Гертруда покраснела и ткнула рукой перед собой. Та уперлась в твердое и теплое, и она вскрикнула от шока.
— Вы меня чувствуете, — сказала Мета.
— Что? Ты говоришь очень тихо.
— Вы меня чувствуете. Вот моя рука.
Мета медленно подняла руку, а Гертруда опустила свои от ушей и снова поискала перед собой. Мета позволила ощупать свои пальцы перед серьезным контактом — как обращаются с незнакомой собакой перед тем, как ее погладить. Вес их рук сошелся, и в этот раз Гертруда не отдернулась. Позволила пальцам девочки развернуть свои, а потом сжала их в ответ.

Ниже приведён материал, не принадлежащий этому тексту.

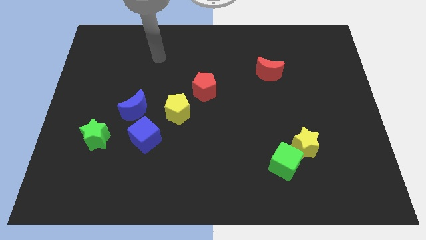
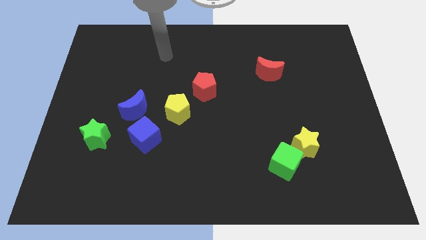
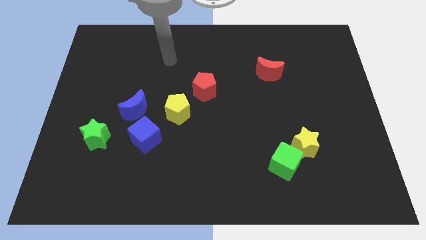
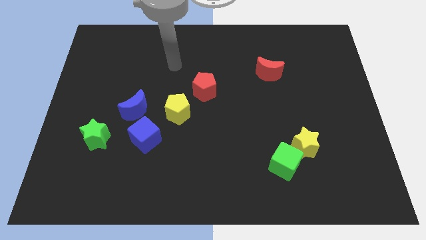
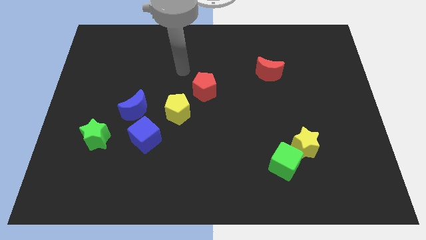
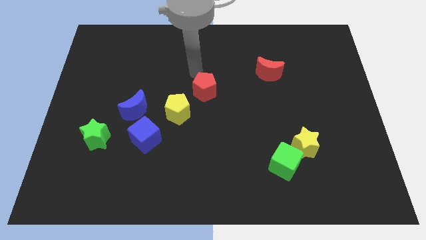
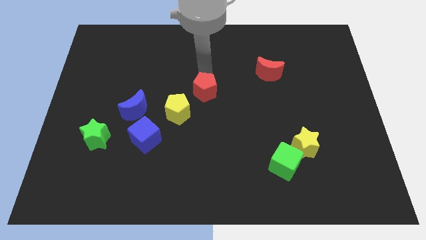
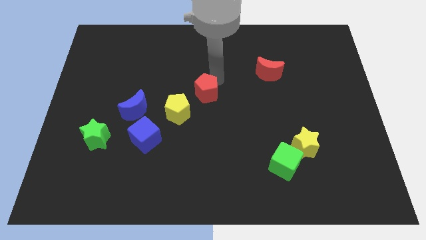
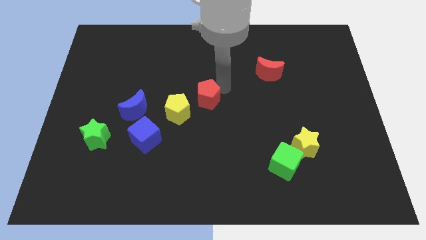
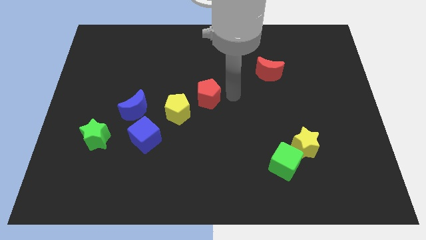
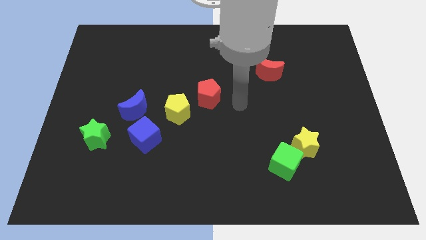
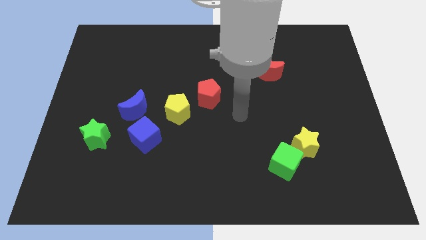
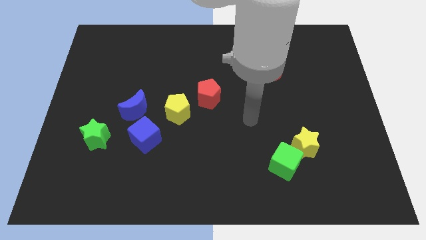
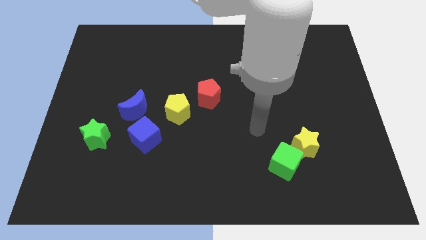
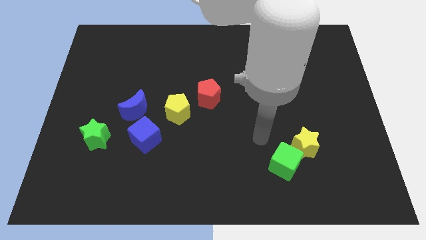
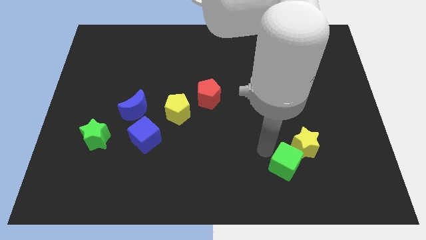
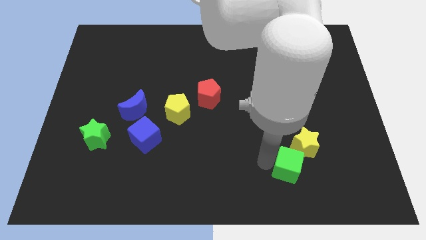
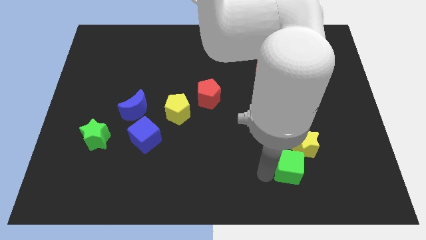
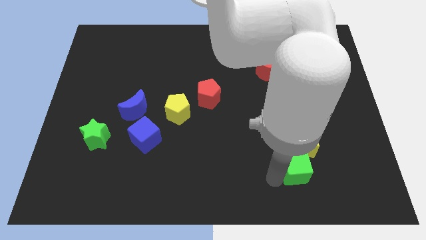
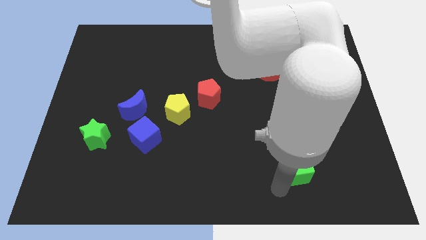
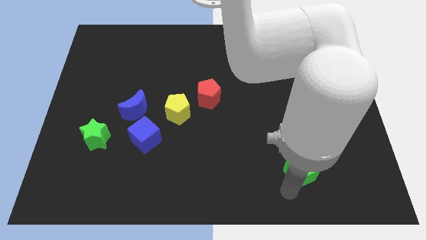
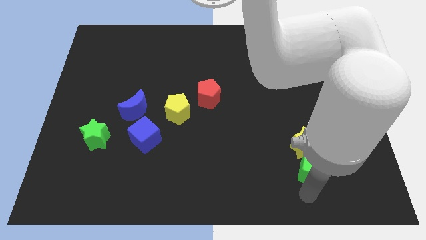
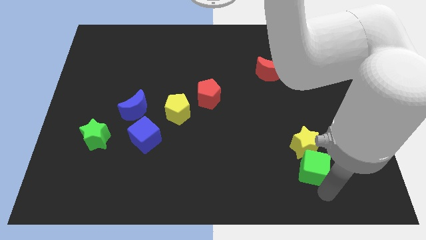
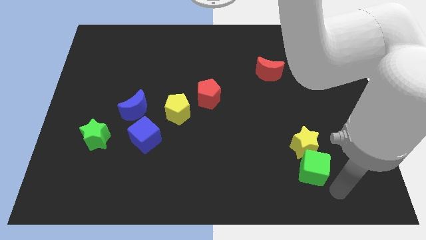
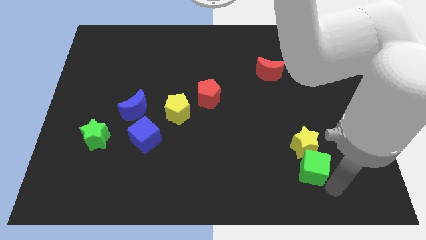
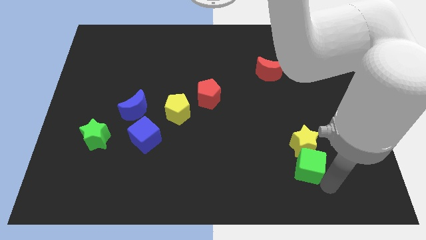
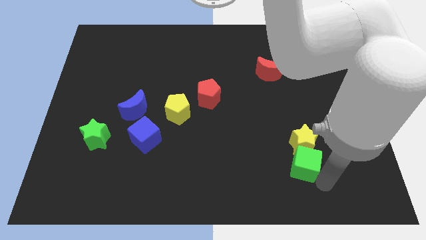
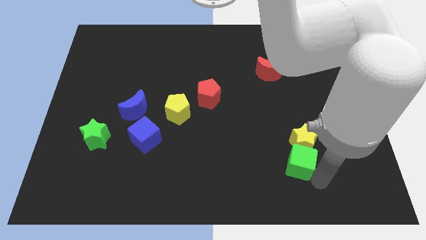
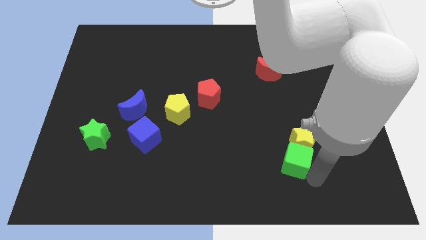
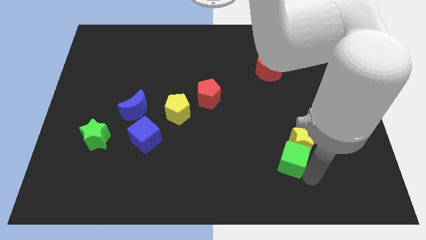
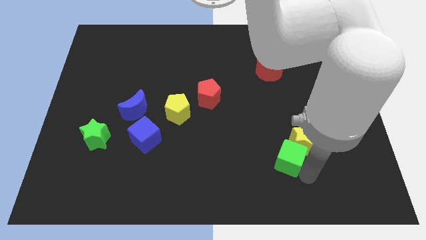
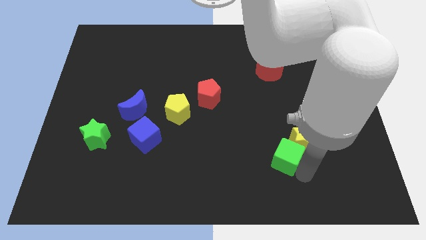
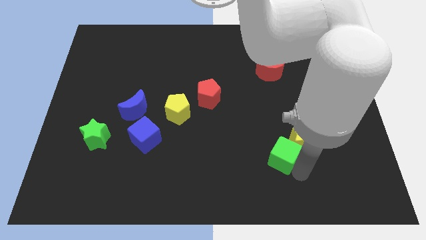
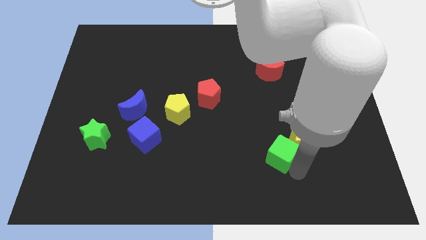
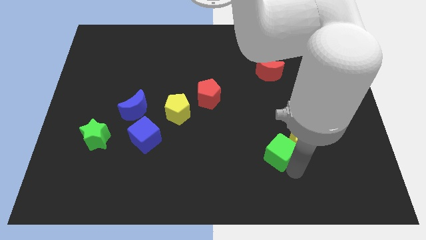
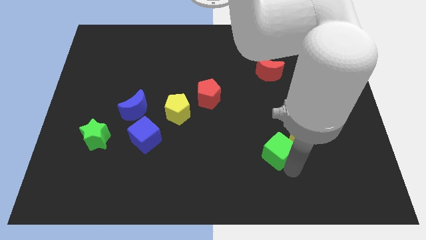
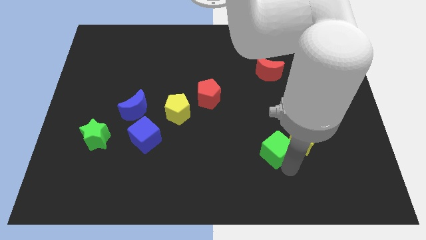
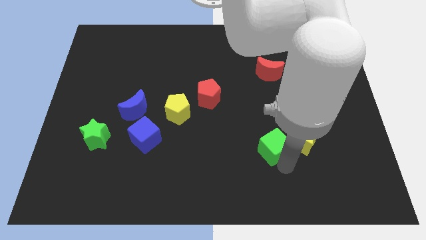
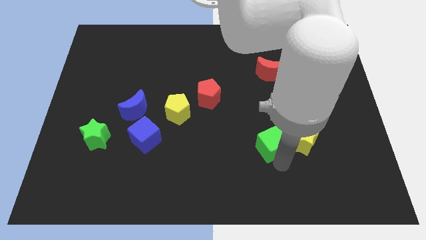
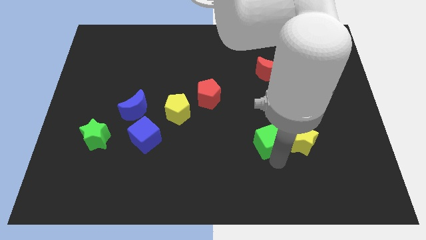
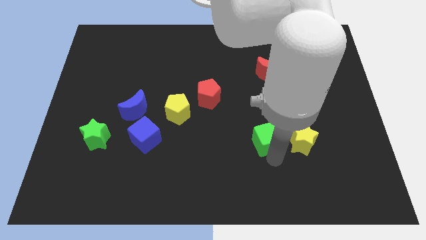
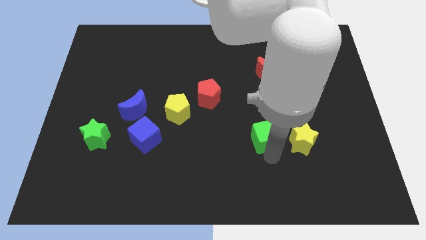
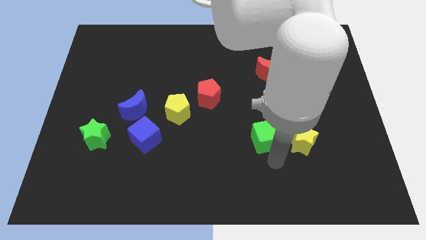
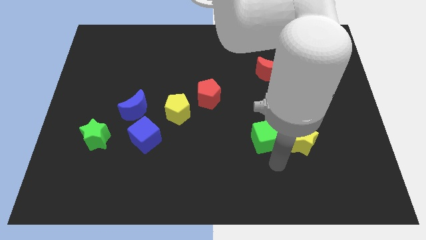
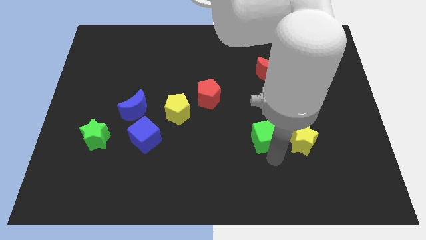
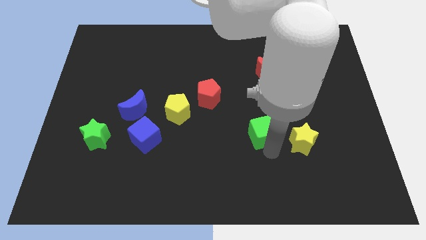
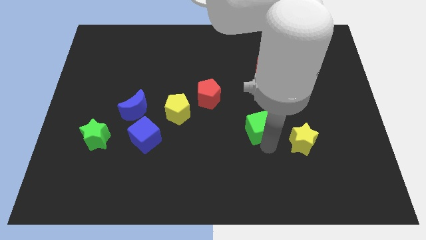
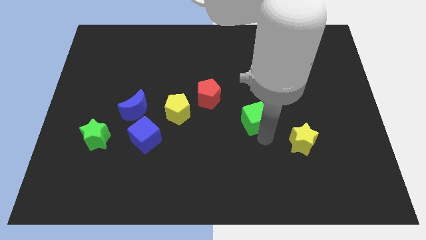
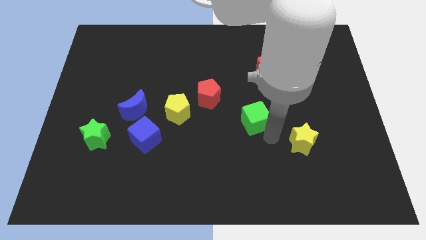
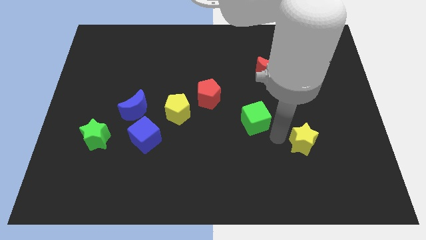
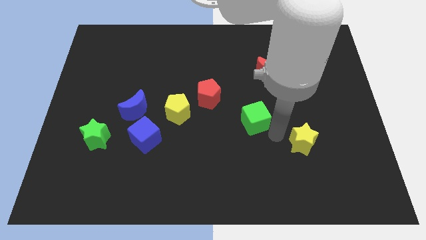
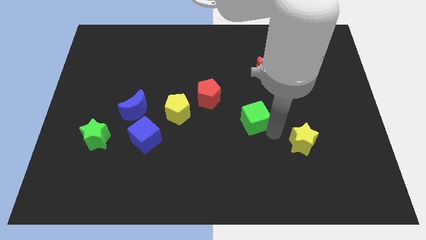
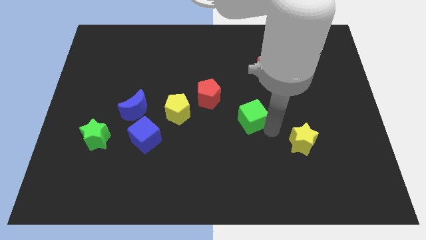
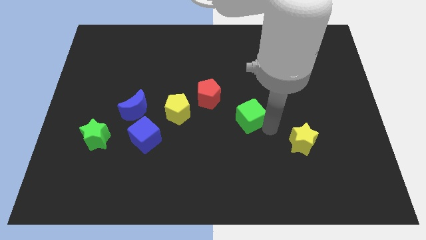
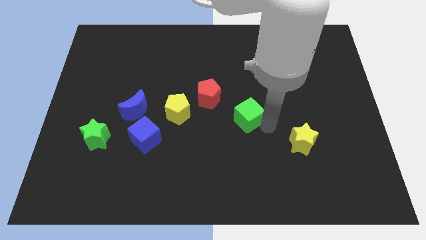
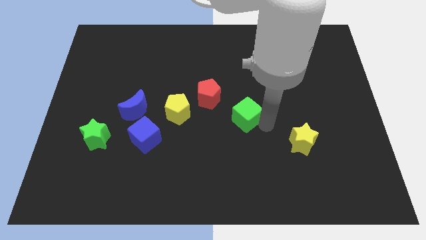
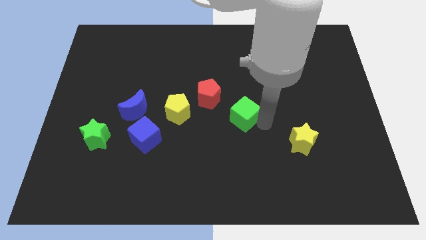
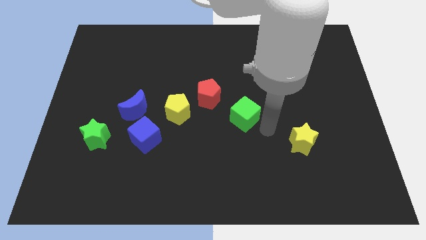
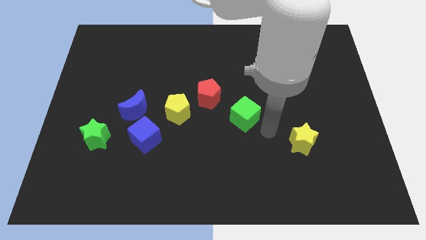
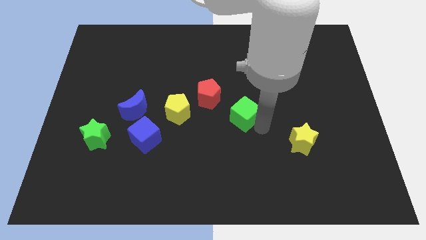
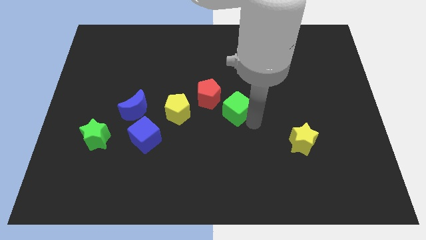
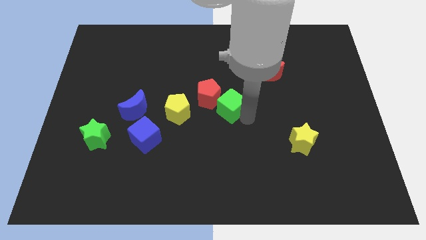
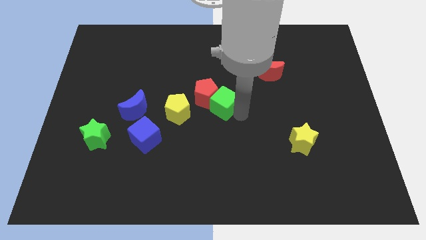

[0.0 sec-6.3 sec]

— Почему я тебя не вижу? — спросила Гертруда.
— Я не знаю.
— Не кричи, Мета, теперь я слышу. Слышу, когда касаюсь, — она поднесла вторую руку, чтобы взять другую ладонь Меты, но промахнулась и по ошибке ткнулась в живот девочки. Воздух вокруг изменился. Мета легонько отступила, и Гертруда заметила движение. Не человека, но дрожь, рябь в воздухе. Та была зеленоватой, и рассеялась, стоило Мете остановиться. Рука ненароком осталась на животе Меты — словно фамильярность, категорически неуместная меж гетеросексуальных женщин. Особенно меж хозяйкой и слугой. Более того, интимность нечаянно совсем обошла тело. Рука Гертруды лежала точно на солнечном сплетении Меты. Обе застыли, ощущая, как по ним проходит ощущение. Тут их внимание захватило другое движение. По коридору петляла раскаленная линия энергии. Текучая аэробатика быстро описывала в трехмерном пространстве узор взвешенности и красоты. Рисунок держался и во времени, и в пространстве — сплетающаяся на глазах хрустальная линейная скульптура. Обе обернулись к этому чуду, и тут Гертруда заметила, как в воздухе парит лицо Меты, заметила ее рябящее в бледно-виридиановых волнах выражение восторга. Линия развернулась и снова прошла над их головами, а затем остановилась на абажуре люстры черной жирной точкой. Муха. Которая невидимо влетела вместе с Метой. Всего лишь муха, низменный раздражающий падальщик, нарисовала самое изящное, что они когда-либо видели в жизни. Гертруда убрала руки — и ничего не стало. Муха была мухой, а Мета исчезла, и даже намек на нее не проминал воздух.
— Мета, я ничего не понимаю. Не знаю, что это: сон, розыгрыш или чары. Но мне кажется, что ты со мной, как была с Ровеной. Пожалуйста, помоги ее найти. Пожалуйста, позволь к тебе прикоснуться, чтобы снова найти тебя.
Ее рука мазнула по воздуху, и она нашла ту гипнотизирующую точку, где мир казался переосмысленным и полным надежд. Где она еще может обрести Ровену, а все зловещие козни, все коварные манипуляции нейтрализованы, сменились своей позитивной противоположностью. Где муха — не муха, а великолепная роспись полета.